- TASK PROMPT
Would you return the data exactly as given, except for its pictures?

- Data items
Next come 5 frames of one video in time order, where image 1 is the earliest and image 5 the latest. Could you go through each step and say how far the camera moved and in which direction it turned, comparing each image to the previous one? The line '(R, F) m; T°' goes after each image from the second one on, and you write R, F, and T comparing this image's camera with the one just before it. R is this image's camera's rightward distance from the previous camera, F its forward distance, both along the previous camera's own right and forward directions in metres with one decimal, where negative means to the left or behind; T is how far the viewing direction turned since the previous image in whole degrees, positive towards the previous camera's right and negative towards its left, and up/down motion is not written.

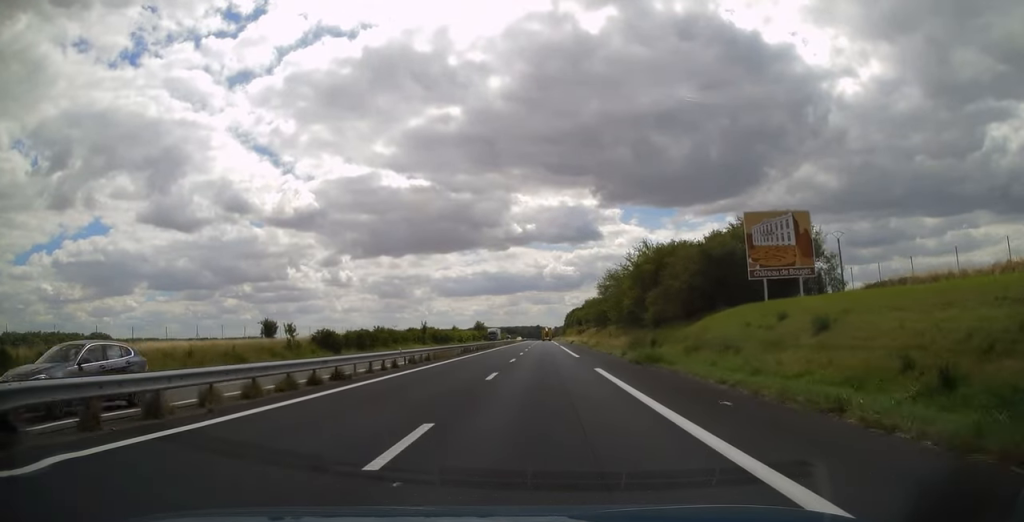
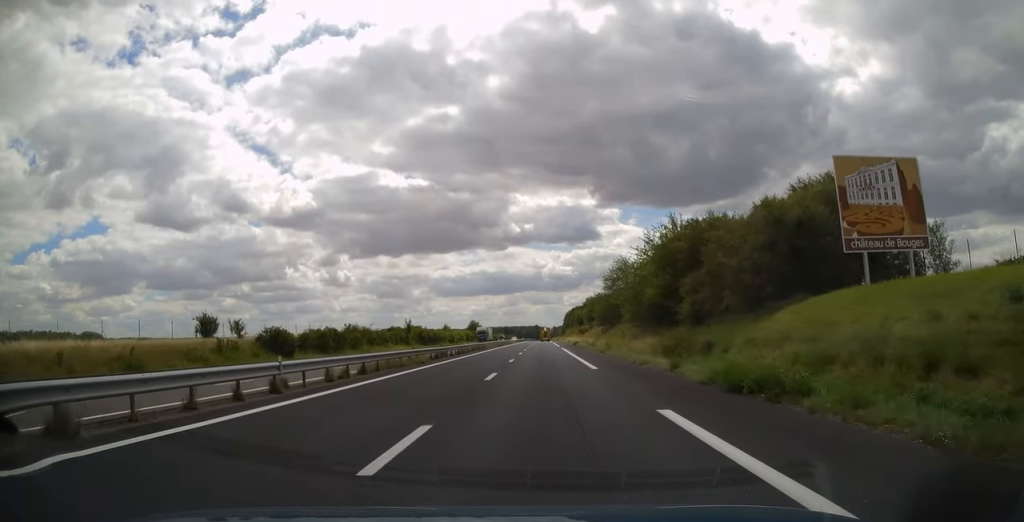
(0.0, +12.8) m; 0°
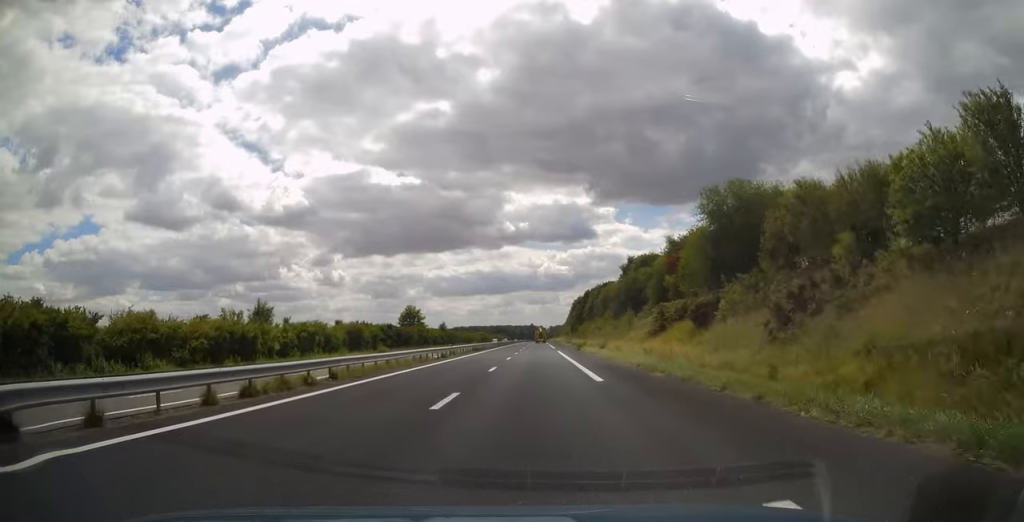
(+0.1, +108.2) m; 0°
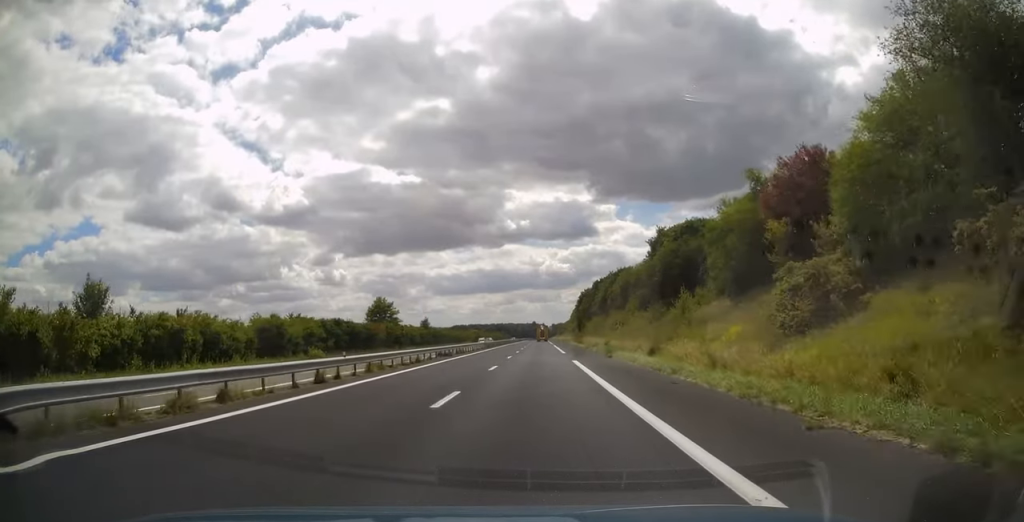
(0.0, +25.1) m; 0°
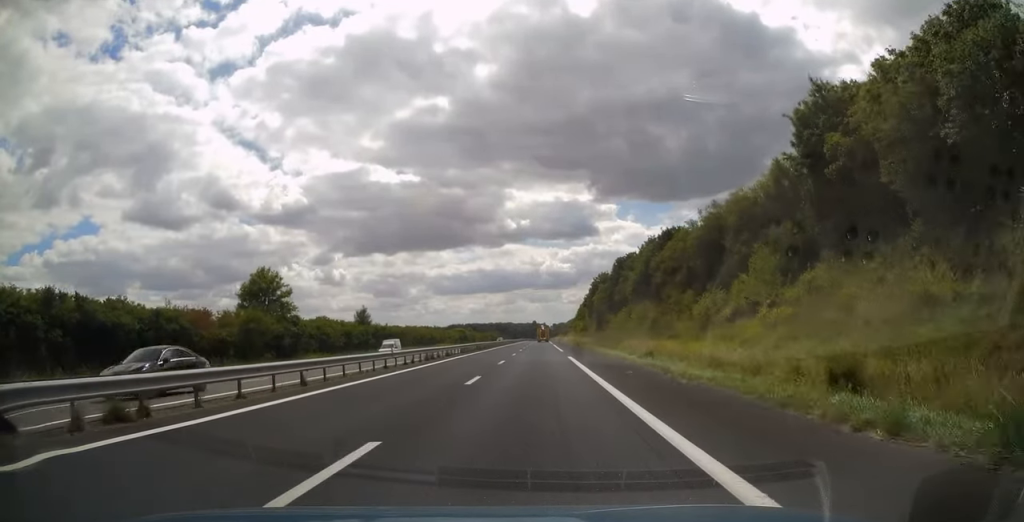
(-0.3, +45.3) m; -1°
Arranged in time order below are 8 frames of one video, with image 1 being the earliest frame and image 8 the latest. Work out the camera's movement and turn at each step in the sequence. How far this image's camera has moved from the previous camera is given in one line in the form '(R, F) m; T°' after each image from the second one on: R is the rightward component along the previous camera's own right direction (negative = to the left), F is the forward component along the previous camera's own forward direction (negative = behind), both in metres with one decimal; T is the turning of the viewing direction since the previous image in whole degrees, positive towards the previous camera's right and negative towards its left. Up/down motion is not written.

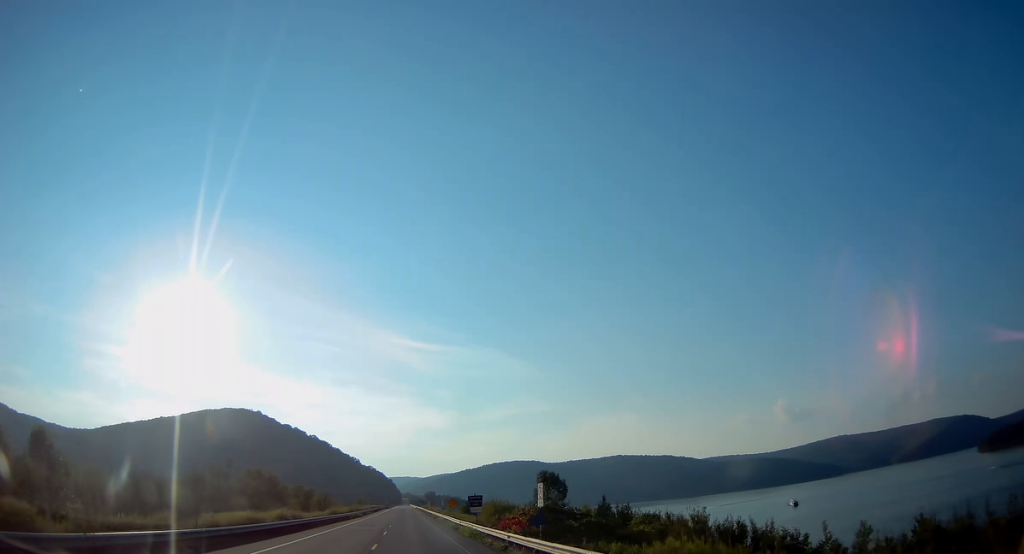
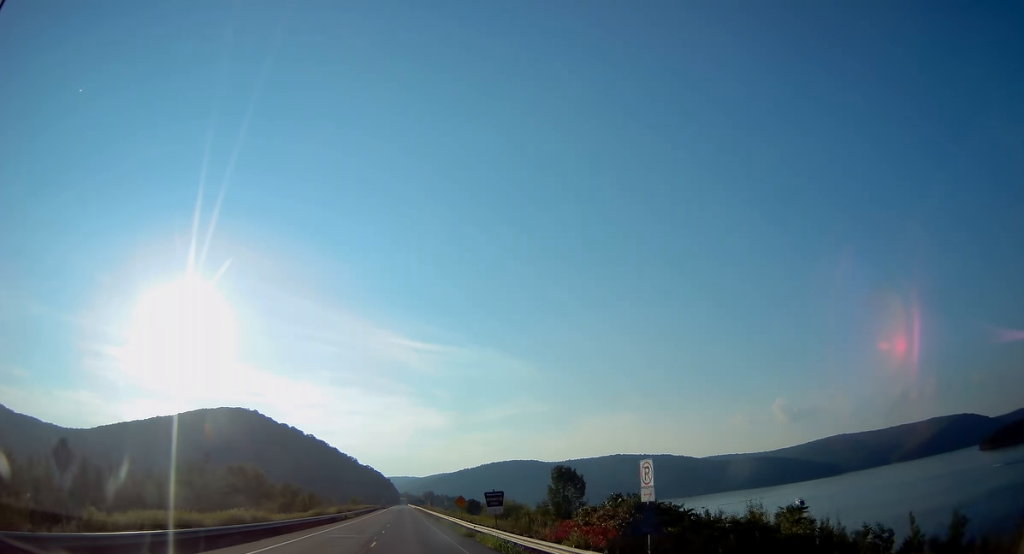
(0.0, +11.2) m; 0°
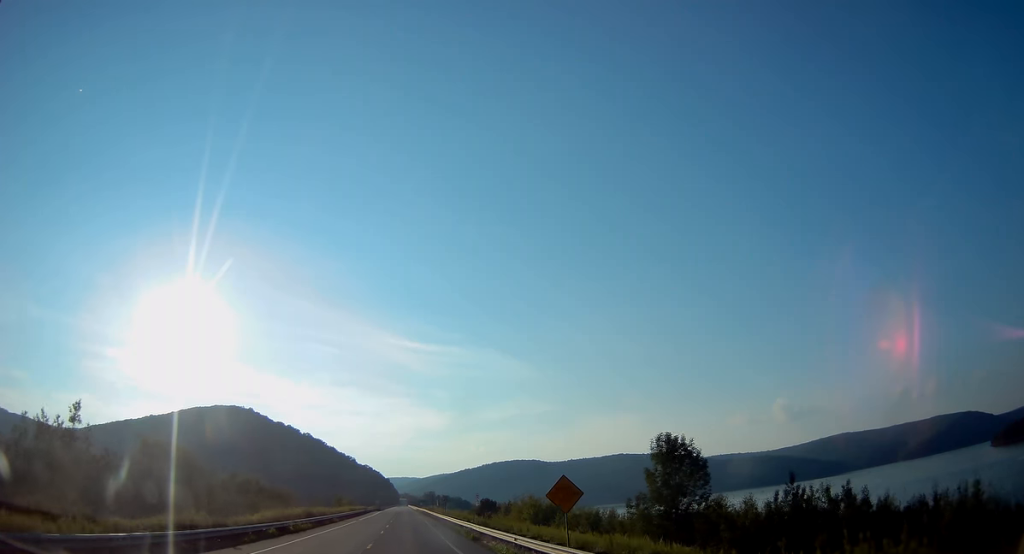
(-0.2, +36.9) m; 0°
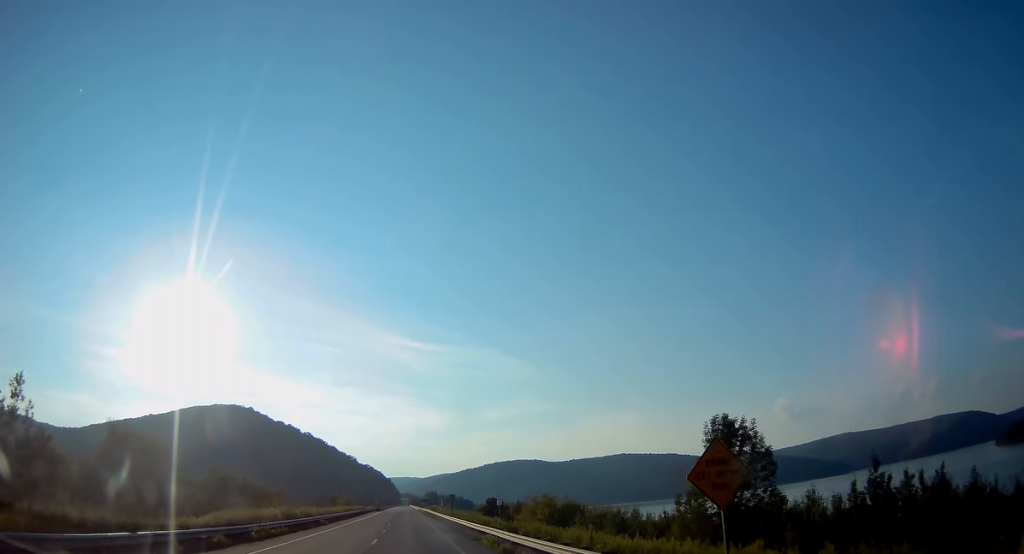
(0.0, +9.8) m; 0°
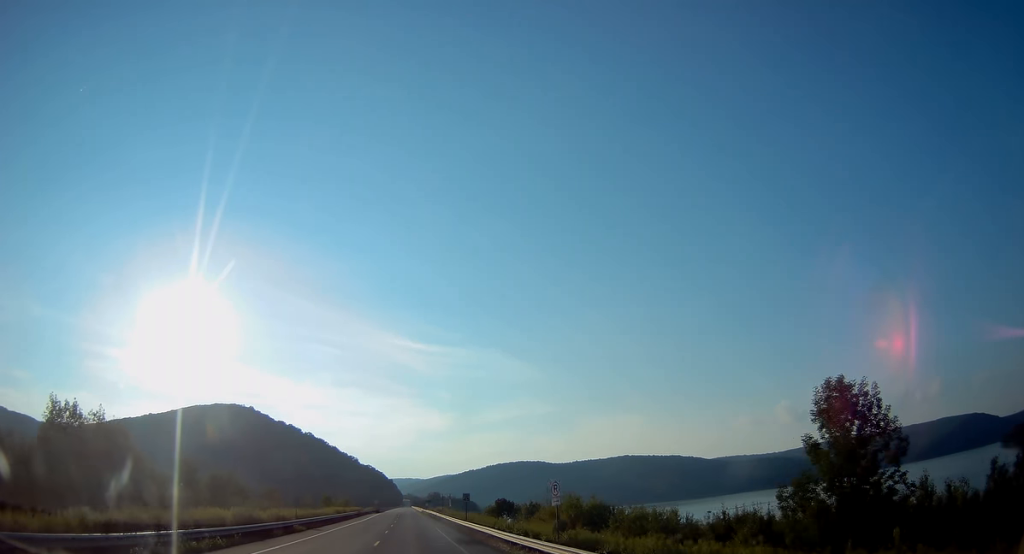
(-0.1, +12.8) m; 0°
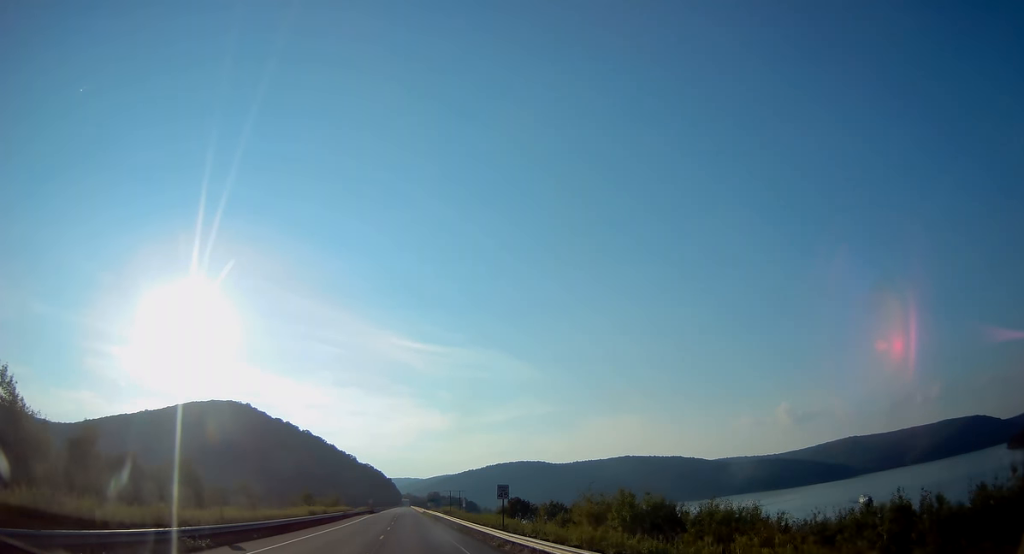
(0.0, +19.8) m; +1°
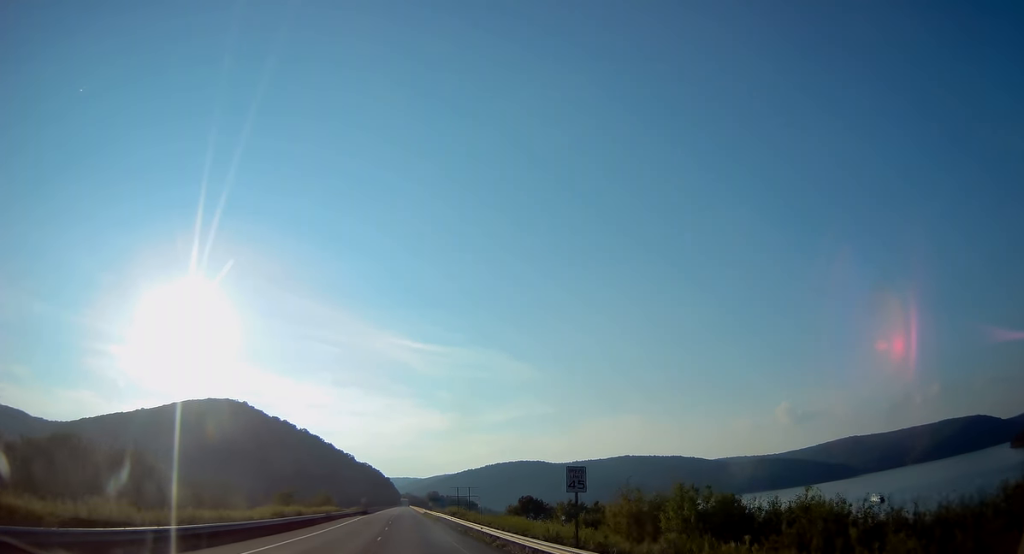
(+0.1, +13.8) m; 0°
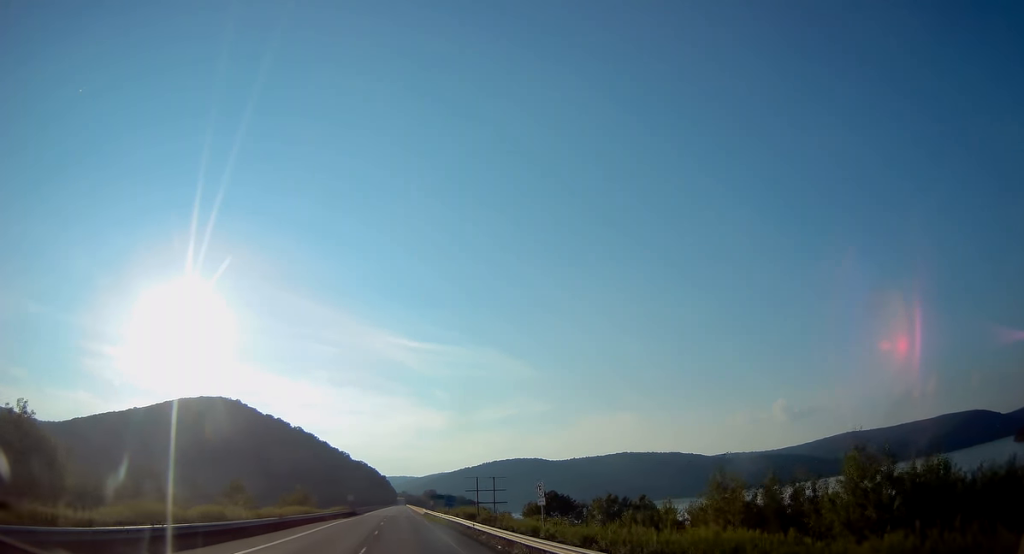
(+0.1, +21.5) m; -1°

- EXERCISE SOLUTION
Next come 5 frames of one video in time order, where image 1 is the earliest and image 5 the latest. Could you go through each step and say how far the camera moved and in which direction it turned, comparing each image to the previous one? The line '(R, F) m; T°' goes after each image from the second one on, and you write R, F, and T comparing this image's camera with the one just before it. R is this image's camera's rightward distance from the previous camera, F its forward distance, both along the previous camera's own right and forward directions in metres with one decimal, where negative means to the left or behind; T is how far the viewing direction turned since the previous image in whole degrees, positive towards the previous camera's right and negative towards its left, and up/down motion is not written.

(0.0, +12.8) m; 0°
(+0.1, +108.2) m; 0°
(0.0, +25.1) m; 0°
(-0.3, +45.3) m; -1°
Arranged in time order below are 8 frames of one video, with image 1 being the earliest frame and image 8 the latest. Work out the camera's movement and turn at each step in the sequence. How far this image's camera has moved from the previous camera is given in one line in the form '(R, F) m; T°' after each image from the second one on: R is the rightward component along the previous camera's own right direction (negative = to the left), F is the forward component along the previous camera's own forward direction (negative = behind), both in metres with one decimal; T is the turning of the viewing direction since the previous image in whole degrees, positive towards the previous camera's right and negative towards its left. Up/down motion is not written.

(0.0, +11.2) m; 0°
(-0.2, +36.9) m; 0°
(0.0, +9.8) m; 0°
(-0.1, +12.8) m; 0°
(0.0, +19.8) m; +1°
(+0.1, +13.8) m; 0°
(+0.1, +21.5) m; -1°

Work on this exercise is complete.